A substantial portion of the total cost of the real estate asset acquired by the Sponsor with investor funds (“Property”) will be paid with borrowed funds, i.e., debt. Sponsor’s estimated rates and terms of the debt financing are subject to lender approval, and there is no assurance that the Sponsor will secure debt at the rates and terms presented on this Page or in the Sponsor’s Investment Documents, or at all. The use of borrowed money to acquire real estate is referred to as leveraging, which can amplify losses and could result in lender foreclosure. In addition, if the debt includes a variable (or “floating”) interest rate, the total amount of interest paid over the term of the debt will fluctuate and can increase. As a result, Sponsor’s use of debt can result in a loss of some or all of your investment.
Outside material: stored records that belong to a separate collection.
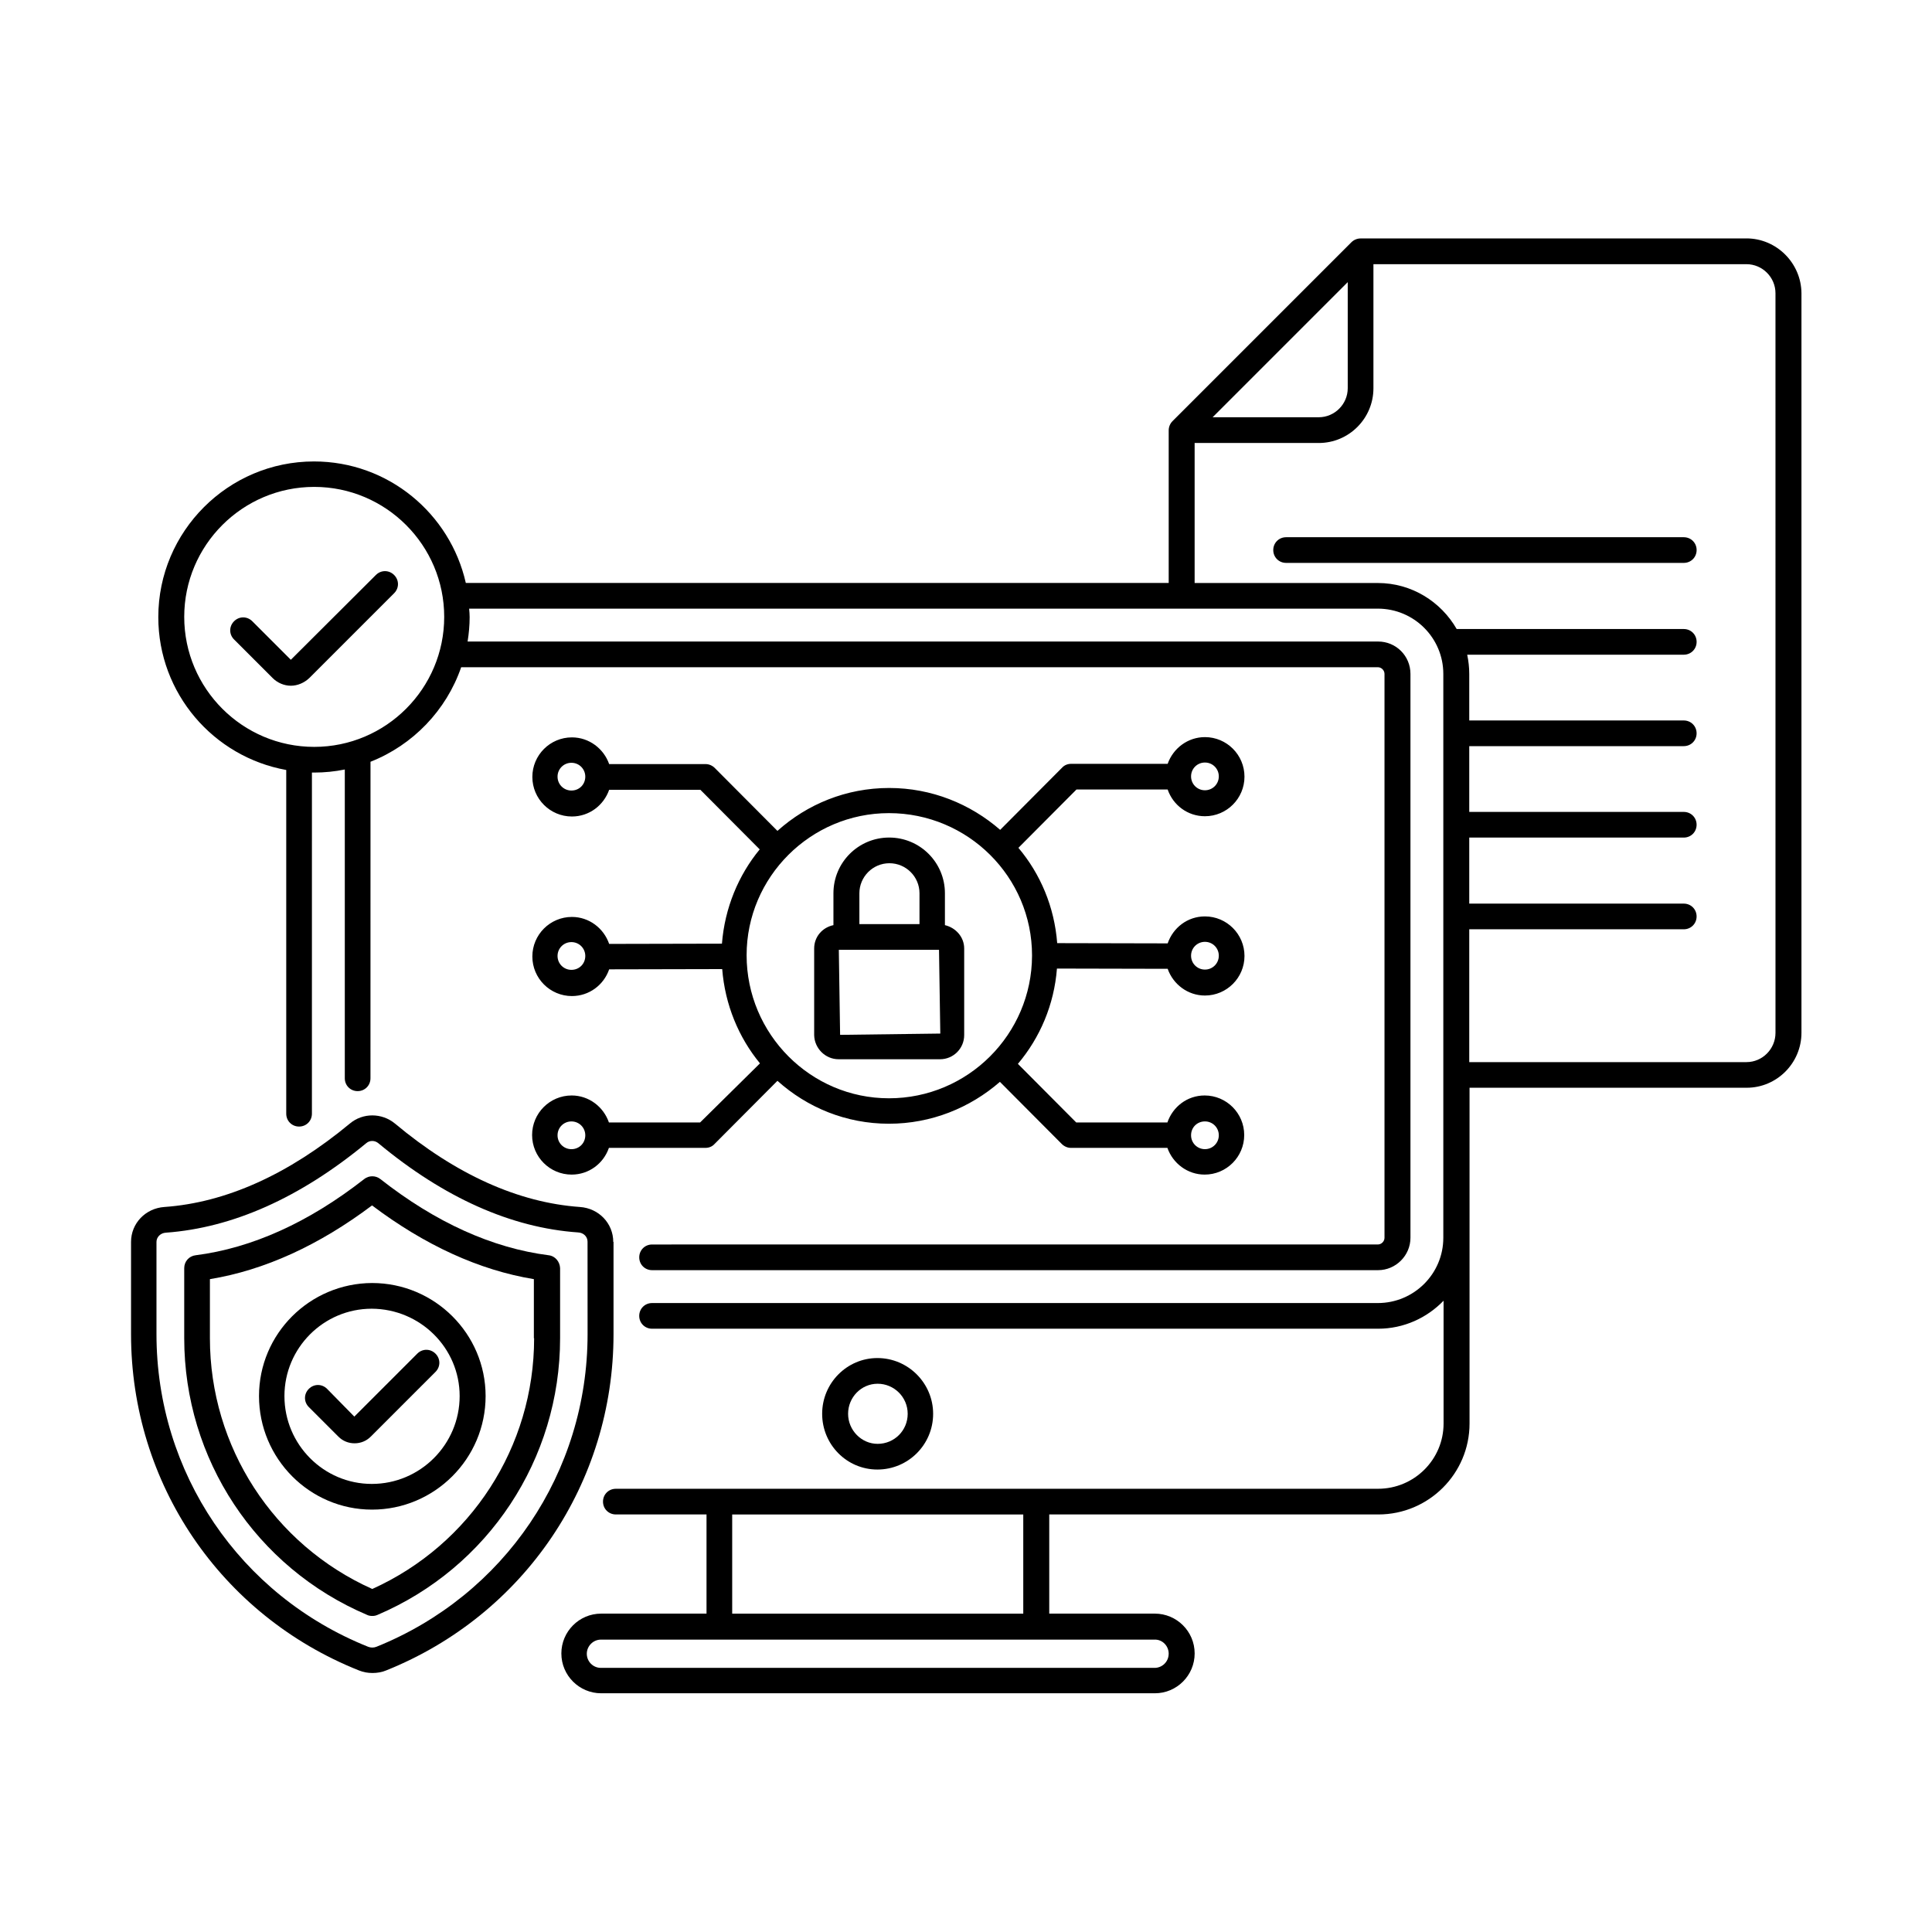 <?xml version="1.0" encoding="UTF-8"?>
<!-- Uploaded to: SVG Find, www.svgrepo.com, Generator: SVG Find Mixer Tools -->
<svg fill="#000000" width="800px" height="800px" version="1.1" viewBox="144 144 512 512" xmlns="http://www.w3.org/2000/svg">
 <g>
  <path d="m606.83 207.19h-102.12-0.137c-0.953 0-1.84 0.41-2.449 1.02l-47.387 47.387c-0.613 0.613-1.02 1.496-1.02 2.449v0.137 40.305l-186.27 0.004c-4.152-18.383-20.562-32.203-40.238-32.203-22.738 0-41.258 18.52-41.258 41.258 0 20.219 14.637 37.035 33.906 40.508v91.094c0 1.906 1.496 3.402 3.402 3.402s3.402-1.496 3.402-3.402l0.004-90.41h0.543c2.793 0 5.516-0.273 8.168-0.816v81.836c0 1.906 1.496 3.402 3.402 3.402s3.402-1.496 3.402-3.402l0.008-83.883c11.234-4.426 20.086-13.617 24.031-25.055h242.92c0.953 0 1.77 0.816 1.77 1.77v149.44c0 0.953-0.816 1.77-1.77 1.77l-192.33 0.004c-1.906 0-3.402 1.496-3.402 3.402s1.496 3.402 3.402 3.402h192.4c4.699 0 8.578-3.879 8.578-8.578v-149.44c0-4.766-3.812-8.578-8.578-8.578h-241.29c0.34-2.109 0.543-4.289 0.543-6.469 0-0.75-0.066-1.496-0.137-2.246h240.81c9.602 0 17.359 7.762 17.359 17.293v149.44c0 9.531-7.762 17.293-17.359 17.293h-192.33c-1.906 0-3.402 1.496-3.402 3.402s1.496 3.402 3.402 3.402h192.4c6.809 0 12.938-2.859 17.359-7.422v32.543c0 9.531-7.762 17.293-17.359 17.293l-202 0.004c-1.906 0-3.402 1.496-3.402 3.402s1.496 3.402 3.402 3.402h24.031v26.281h-27.914c-5.856 0-10.555 4.766-10.555 10.555 0 5.856 4.766 10.555 10.555 10.555h146.72c5.856 0 10.555-4.766 10.555-10.555 0-5.856-4.766-10.555-10.555-10.555h-27.98v-26.281h87.215c13.344 0 24.168-10.824 24.168-24.102v-88.98h73.461c7.965 0 14.5-6.535 14.5-14.57v-196.01c-0.066-7.965-6.606-14.504-14.57-14.504zm-379.56 134.74c-18.996 0-34.449-15.453-34.449-34.449 0-18.996 15.453-34.449 34.449-34.449 18.996 0 34.449 15.453 34.449 34.449 0 18.992-15.453 34.449-34.449 34.449zm226.44 240.33c0 2.109-1.703 3.746-3.746 3.746h-146.71c-2.109 0-3.746-1.703-3.746-3.746 0-2.043 1.703-3.746 3.746-3.746h146.72c2.039-0.066 3.742 1.637 3.742 3.746zm-38.535-10.621h-77.137v-26.281h77.137zm85.988-352.87v28.117c0 4.223-3.473 7.691-7.691 7.691l-28.117 0.004zm113.36 198.94c0 4.289-3.473 7.762-7.691 7.762h-73.465v-35.199h56.848c1.906 0 3.402-1.496 3.402-3.402s-1.496-3.402-3.402-3.402h-56.848v-17.5h56.848c1.906 0 3.402-1.496 3.402-3.402s-1.496-3.402-3.402-3.402h-56.848v-17.43h56.848c1.906 0 3.402-1.496 3.402-3.402s-1.496-3.402-3.402-3.402h-56.848v-12.324c0-1.77-0.203-3.473-0.543-5.106h57.395c1.906 0 3.402-1.496 3.402-3.402s-1.496-3.402-3.402-3.402l-60.188-0.008c-4.152-7.215-11.914-12.188-20.902-12.188h-48.539v-37.105h32.883c8.035 0 14.5-6.535 14.5-14.5v-32.887h98.855c4.223 0 7.691 3.473 7.691 7.691z"/>
  <path d="m590.22 286.37h-105.39c-1.906 0-3.402 1.496-3.402 3.402s1.496 3.402 3.402 3.402h105.39c1.906 0 3.402-1.496 3.402-3.402 0.004-1.902-1.492-3.402-3.402-3.402z"/>
  <path d="m391.29 518.67c0-8.102-6.606-14.773-14.773-14.773-8.035 0-14.637 6.606-14.637 14.773s6.535 14.773 14.637 14.773c8.168 0 14.773-6.606 14.773-14.773zm-22.535 0c0-4.356 3.473-7.965 7.828-7.965s7.965 3.539 7.965 7.965-3.539 7.965-7.965 7.965c-4.289 0-7.828-3.609-7.828-7.965z"/>
  <path d="m366.23 424.71h26.891c3.539 0 6.398-2.859 6.398-6.398v-22.945c0-3.062-2.246-5.516-5.106-6.195v-8.441c0-8.168-6.606-14.773-14.773-14.773s-14.773 6.606-14.773 14.773v8.441c-2.926 0.613-5.106 3.062-5.106 6.195v22.945c0.066 3.473 2.926 6.398 6.469 6.398zm0.406-6.465-0.34-22.535h26.551l0.34 22.195zm13.074-45.48c4.356 0 7.965 3.539 7.965 7.965v8.168h-15.93v-8.168c0-4.356 3.539-7.965 7.965-7.965z"/>
  <path d="m306.52 473.12c0-4.902-3.812-8.918-8.852-9.258-16.273-1.156-32.816-8.578-49.02-22.125-3.473-2.859-8.512-2.859-11.914 0-16.34 13.547-32.883 20.969-49.156 22.125-5.039 0.34-8.852 4.356-8.852 9.258v24.441c0 39.488 23.691 74.48 60.391 89.121 1.156 0.477 2.383 0.68 3.609 0.68 1.227 0 2.449-0.203 3.609-0.68 36.629-14.707 60.254-49.699 60.254-89.121v-24.441zm-6.805 24.441c0 36.629-21.992 69.172-55.965 82.855-0.68 0.273-1.496 0.273-2.18 0-34.043-13.617-56.102-46.16-56.102-82.855v-24.441c0-1.293 1.09-2.383 2.519-2.449 17.703-1.293 35.539-9.258 53.035-23.691 0.477-0.41 1.02-0.613 1.633-0.613 0.543 0 1.156 0.203 1.633 0.613 17.359 14.434 35.199 22.398 52.898 23.625 1.496 0.066 2.519 1.156 2.519 2.449z"/>
  <path d="m289.43 476.66c-14.977-1.906-30.023-8.715-44.66-20.219-1.227-0.953-2.996-0.953-4.223 0-14.707 11.508-29.754 18.312-44.73 20.219-1.703 0.203-2.996 1.633-2.996 3.402v18.586c0 32 18.996 60.797 48.477 73.324 0.41 0.203 0.887 0.273 1.363 0.273 0.477 0 0.887-0.066 1.363-0.273 29.41-12.527 48.406-41.324 48.406-73.324v-18.586c-0.074-1.703-1.297-3.199-3-3.402zm-3.883 21.988c0 28.801-16.816 54.672-42.891 66.449-26.145-11.711-43.027-37.648-43.027-66.449v-15.66c14.5-2.383 28.934-8.988 42.961-19.539 14.023 10.555 28.391 17.156 42.891 19.539v15.66z"/>
  <path d="m212.64 513.97c0 16.543 13.414 30.094 29.957 30.094s30.094-13.48 30.094-30.094c0-16.477-13.48-29.957-30.094-29.957-16.547 0.07-29.957 13.48-29.957 29.957zm53.172 0c0 12.801-10.418 23.285-23.285 23.285-12.73 0-23.148-10.418-23.148-23.285 0-12.73 10.348-23.148 23.148-23.148 12.867 0.066 23.285 10.418 23.285 23.148z"/>
  <path d="m230.68 512.06c-1.363-1.363-3.473-1.363-4.832 0-1.363 1.363-1.363 3.473 0 4.832l7.828 7.828c1.156 1.156 2.656 1.77 4.289 1.77 1.633 0 3.133-0.613 4.289-1.77l17.156-17.156c1.363-1.363 1.363-3.473 0-4.832-1.363-1.363-3.473-1.363-4.832 0l-16.68 16.68z"/>
  <path d="m243.61 296.38-22.535 22.469-10.211-10.211c-1.363-1.363-3.473-1.363-4.832 0-1.363 1.363-1.363 3.473 0 4.832l10.211 10.211c1.293 1.293 3.062 2.043 4.832 2.043s3.539-0.75 4.902-2.043l22.469-22.469c1.363-1.363 1.363-3.473 0-4.832-1.363-1.363-3.473-1.363-4.836 0z"/>
  <path d="m329.54 441.46h-24.172c-1.43-4.152-5.309-7.148-9.871-7.148-5.785 0-10.484 4.699-10.484 10.484s4.699 10.484 10.484 10.484c4.562 0 8.441-2.926 9.871-7.082h25.598c0.887 0 1.77-0.34 2.383-1.02l16.68-16.75c7.898 7.082 18.18 11.371 29.547 11.371 11.234 0 21.516-4.223 29.41-11.098l16.406 16.477c0.613 0.613 1.496 1.02 2.383 1.02h25.598c1.43 4.086 5.309 7.082 9.871 7.082 5.785 0 10.484-4.699 10.484-10.484s-4.699-10.484-10.484-10.484c-4.629 0-8.441 2.996-9.871 7.148h-24.168l-15.453-15.523c5.856-6.945 9.602-15.66 10.348-25.258l29.344 0.066c1.43 4.086 5.309 7.082 9.871 7.082 5.785 0 10.484-4.699 10.484-10.484s-4.699-10.484-10.484-10.484c-4.629 0-8.441 2.996-9.871 7.148l-29.277-0.066c-0.75-9.602-4.426-18.312-10.281-25.258l15.387-15.453h24.168c1.43 4.152 5.309 7.082 9.871 7.082 5.785 0 10.484-4.699 10.484-10.484s-4.699-10.484-10.484-10.484c-4.562 0-8.441 2.996-9.871 7.082h-25.598c-0.887 0-1.77 0.34-2.383 1.02l-16.406 16.477c-7.898-6.875-18.18-11.098-29.41-11.098-11.371 0-21.719 4.289-29.617 11.371l-16.613-16.68c-0.613-0.613-1.496-1.02-2.383-1.02h-25.598c-1.43-4.086-5.309-7.082-9.871-7.082-5.785 0-10.484 4.699-10.484 10.484 0 5.785 4.699 10.484 10.484 10.484 4.629 0 8.441-2.996 9.871-7.082h24.168l15.727 15.797c-5.652 6.875-9.258 15.523-10.008 24.984l-29.887 0.066c-1.43-4.152-5.309-7.148-9.871-7.148-5.785 0-10.484 4.699-10.484 10.484s4.699 10.484 10.484 10.484c4.562 0 8.441-2.926 9.871-7.082l29.957-0.066c0.75 9.465 4.356 18.109 10.008 24.984zm-34.109 7.082c-2.043 0-3.676-1.633-3.676-3.676 0-2.043 1.633-3.676 3.676-3.676s3.676 1.633 3.676 3.676c0 2.039-1.566 3.676-3.676 3.676zm167.89-7.356c2.043 0 3.676 1.633 3.676 3.676s-1.633 3.676-3.676 3.676c-2.043 0-3.676-1.633-3.676-3.676-0.004-2.109 1.633-3.676 3.676-3.676zm0-95.109c2.043 0 3.676 1.633 3.676 3.676 0 2.043-1.633 3.676-3.676 3.676-2.043 0-3.676-1.633-3.676-3.676-0.004-2.043 1.633-3.676 3.676-3.676zm-167.89 7.422c-2.043 0-3.676-1.633-3.676-3.676s1.633-3.676 3.676-3.676 3.676 1.633 3.676 3.676c0 2.039-1.566 3.676-3.676 3.676zm167.89 40.098c2.043 0 3.676 1.633 3.676 3.676 0 2.043-1.633 3.676-3.676 3.676-2.043 0-3.676-1.633-3.676-3.676-0.004-2.039 1.633-3.676 3.676-3.676zm-167.89 7.422c-2.043 0-3.676-1.633-3.676-3.676s1.633-3.676 3.676-3.676 3.676 1.633 3.676 3.676-1.566 3.676-3.676 3.676zm84.148-41.531c20.902 0 37.922 16.883 37.922 37.719v0.066c-0.066 20.832-17.02 37.785-37.922 37.785-20.766 0-37.719-17.02-37.719-37.922 0-20.695 16.953-37.648 37.719-37.648z"/>
 </g>
</svg>

Sponsor’s Offering is Not Registered

Sponsor’s securities offering will not be registered under the Securities Act of 1933, as amended (the “Securities Act”), in reliance upon the exemptions from registration pursuant to Rule 506(c) of Regulation D as promulgated under the Securities Act (“Private Placement”). In addition, the offering will not be registered under any state securities laws in reliance on exemptions from state registration. Such securities (your ownership interests) are subject to restrictions on transferability and resale and may not be transferred or resold except as permitted under applicable state and federal securities laws pursuant to registration or an available exemption. All Private Placements on the Platform are intended solely for “Accredited Investors,” as that term is defined in Rule 501(a) under the Securities Act.

No Investment Advice

Nothing on this Page should be regarded as investment advice (either with respect to a particular security or regarding an overall investment strategy), a recommendation, an offer to sell, or a solicitation of or an offer to buy any security. Advice from a securities professional is strongly advised to understand and assess the risks associated with real estate or private placement investments. For additional information on RM Securities’ involvement in this offering, please carefully review the Sponsor’s Investment Documents, and RM Securities’ Form CRS, Regulation Best Interest Disclosures, and Limited Brokerage Services Agreement.

1031 Exchange Risk

Internal Revenue Code Section 1031 (“Section 1031”) contains complex tax concepts and certain tax consequences may vary depending on the individual circumstances of each investor. RM Securities and its affiliates make no representation or warranty of any kind with respect to the tax consequences of your investment or that the IRS will not challenge any such treatment. You should consult with and rely on your own tax advisor about the tax aspects with respect to your particular circumstances.